> _YOUR OBJECTIVE_
Transcribe exactly the span of lines that begins the records and ends with the line holding "u hen te kunnen", both boundary lines included.

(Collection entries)
===
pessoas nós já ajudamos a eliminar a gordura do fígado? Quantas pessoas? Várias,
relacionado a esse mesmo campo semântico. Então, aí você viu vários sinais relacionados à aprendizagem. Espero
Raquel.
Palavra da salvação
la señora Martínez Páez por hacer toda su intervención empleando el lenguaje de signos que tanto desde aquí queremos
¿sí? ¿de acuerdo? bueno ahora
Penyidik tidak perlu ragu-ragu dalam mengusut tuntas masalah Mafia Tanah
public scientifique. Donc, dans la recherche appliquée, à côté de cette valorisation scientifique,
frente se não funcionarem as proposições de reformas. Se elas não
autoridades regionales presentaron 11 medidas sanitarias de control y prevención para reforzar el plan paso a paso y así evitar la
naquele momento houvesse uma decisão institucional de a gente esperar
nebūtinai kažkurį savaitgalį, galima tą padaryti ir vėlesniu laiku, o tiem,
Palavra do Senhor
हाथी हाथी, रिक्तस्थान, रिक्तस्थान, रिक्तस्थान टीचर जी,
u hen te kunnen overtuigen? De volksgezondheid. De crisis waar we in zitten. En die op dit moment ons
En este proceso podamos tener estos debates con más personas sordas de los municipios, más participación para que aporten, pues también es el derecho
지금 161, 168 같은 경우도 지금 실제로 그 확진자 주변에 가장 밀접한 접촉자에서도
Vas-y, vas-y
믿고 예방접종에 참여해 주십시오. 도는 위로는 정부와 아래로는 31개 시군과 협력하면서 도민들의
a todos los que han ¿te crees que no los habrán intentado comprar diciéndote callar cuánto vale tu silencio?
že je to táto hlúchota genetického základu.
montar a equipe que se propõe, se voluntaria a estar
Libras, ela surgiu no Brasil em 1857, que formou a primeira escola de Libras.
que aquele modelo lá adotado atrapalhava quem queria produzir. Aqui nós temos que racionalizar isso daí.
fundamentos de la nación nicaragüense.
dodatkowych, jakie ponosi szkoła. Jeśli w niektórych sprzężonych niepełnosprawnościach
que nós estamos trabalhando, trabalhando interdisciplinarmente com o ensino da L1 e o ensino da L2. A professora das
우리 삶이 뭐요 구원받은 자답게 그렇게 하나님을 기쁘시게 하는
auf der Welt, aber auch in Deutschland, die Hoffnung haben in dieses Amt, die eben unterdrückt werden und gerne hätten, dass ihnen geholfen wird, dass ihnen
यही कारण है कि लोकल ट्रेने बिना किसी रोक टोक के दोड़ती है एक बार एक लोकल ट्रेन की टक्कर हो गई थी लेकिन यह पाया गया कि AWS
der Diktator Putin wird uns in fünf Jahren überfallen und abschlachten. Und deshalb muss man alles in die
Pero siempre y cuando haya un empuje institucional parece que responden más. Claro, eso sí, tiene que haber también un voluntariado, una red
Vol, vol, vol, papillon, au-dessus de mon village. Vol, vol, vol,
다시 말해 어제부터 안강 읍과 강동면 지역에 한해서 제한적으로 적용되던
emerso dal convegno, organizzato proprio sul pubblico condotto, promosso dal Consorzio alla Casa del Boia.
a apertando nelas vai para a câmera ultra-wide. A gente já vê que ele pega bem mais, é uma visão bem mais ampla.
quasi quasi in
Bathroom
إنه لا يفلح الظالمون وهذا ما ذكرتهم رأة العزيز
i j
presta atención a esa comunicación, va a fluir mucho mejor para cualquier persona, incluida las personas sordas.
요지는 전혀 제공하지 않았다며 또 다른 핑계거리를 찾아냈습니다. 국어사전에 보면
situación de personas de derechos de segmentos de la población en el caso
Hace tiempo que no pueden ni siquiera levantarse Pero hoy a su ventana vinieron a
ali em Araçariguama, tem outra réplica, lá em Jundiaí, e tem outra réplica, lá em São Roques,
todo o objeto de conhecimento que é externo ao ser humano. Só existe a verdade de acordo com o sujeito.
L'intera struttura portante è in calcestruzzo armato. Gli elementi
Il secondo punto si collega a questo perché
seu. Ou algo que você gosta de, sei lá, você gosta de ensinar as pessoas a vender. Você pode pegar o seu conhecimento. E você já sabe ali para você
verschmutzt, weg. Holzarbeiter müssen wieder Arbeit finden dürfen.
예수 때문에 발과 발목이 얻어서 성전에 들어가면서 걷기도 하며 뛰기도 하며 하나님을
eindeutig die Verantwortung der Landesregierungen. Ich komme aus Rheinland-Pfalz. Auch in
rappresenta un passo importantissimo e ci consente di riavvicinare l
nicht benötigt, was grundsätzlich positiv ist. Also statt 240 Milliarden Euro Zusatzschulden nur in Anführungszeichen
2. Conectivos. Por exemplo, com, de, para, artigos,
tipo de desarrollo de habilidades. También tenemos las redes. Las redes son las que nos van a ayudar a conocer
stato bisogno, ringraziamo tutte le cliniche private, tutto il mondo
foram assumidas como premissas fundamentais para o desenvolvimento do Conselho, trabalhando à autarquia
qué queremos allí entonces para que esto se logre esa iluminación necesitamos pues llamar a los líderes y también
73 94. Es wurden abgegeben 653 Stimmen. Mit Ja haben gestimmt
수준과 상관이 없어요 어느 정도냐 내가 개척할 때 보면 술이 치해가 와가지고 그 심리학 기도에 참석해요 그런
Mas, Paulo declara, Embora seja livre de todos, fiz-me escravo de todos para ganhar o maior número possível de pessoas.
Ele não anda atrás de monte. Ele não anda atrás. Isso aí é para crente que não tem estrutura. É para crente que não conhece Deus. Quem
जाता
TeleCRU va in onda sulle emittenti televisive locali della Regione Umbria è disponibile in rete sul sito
===
> _RESULT_
pessoas nós já ajudamos a eliminar a gordura do fígado? Quantas pessoas? Várias,
relacionado a esse mesmo campo semântico. Então, aí você viu vários sinais relacionados à aprendizagem. Espero
Raquel.
Palavra da salvação
la señora Martínez Páez por hacer toda su intervención empleando el lenguaje de signos que tanto desde aquí queremos
¿sí? ¿de acuerdo? bueno ahora
Penyidik tidak perlu ragu-ragu dalam mengusut tuntas masalah Mafia Tanah
public scientifique. Donc, dans la recherche appliquée, à côté de cette valorisation scientifique,
frente se não funcionarem as proposições de reformas. Se elas não
autoridades regionales presentaron 11 medidas sanitarias de control y prevención para reforzar el plan paso a paso y así evitar la
naquele momento houvesse uma decisão institucional de a gente esperar
nebūtinai kažkurį savaitgalį, galima tą padaryti ir vėlesniu laiku, o tiem,
Palavra do Senhor
हाथी हाथी, रिक्तस्थान, रिक्तस्थान, रिक्तस्थान टीचर जी,
u hen te kunnen overtuigen? De volksgezondheid. De crisis waar we in zitten. En die op dit moment ons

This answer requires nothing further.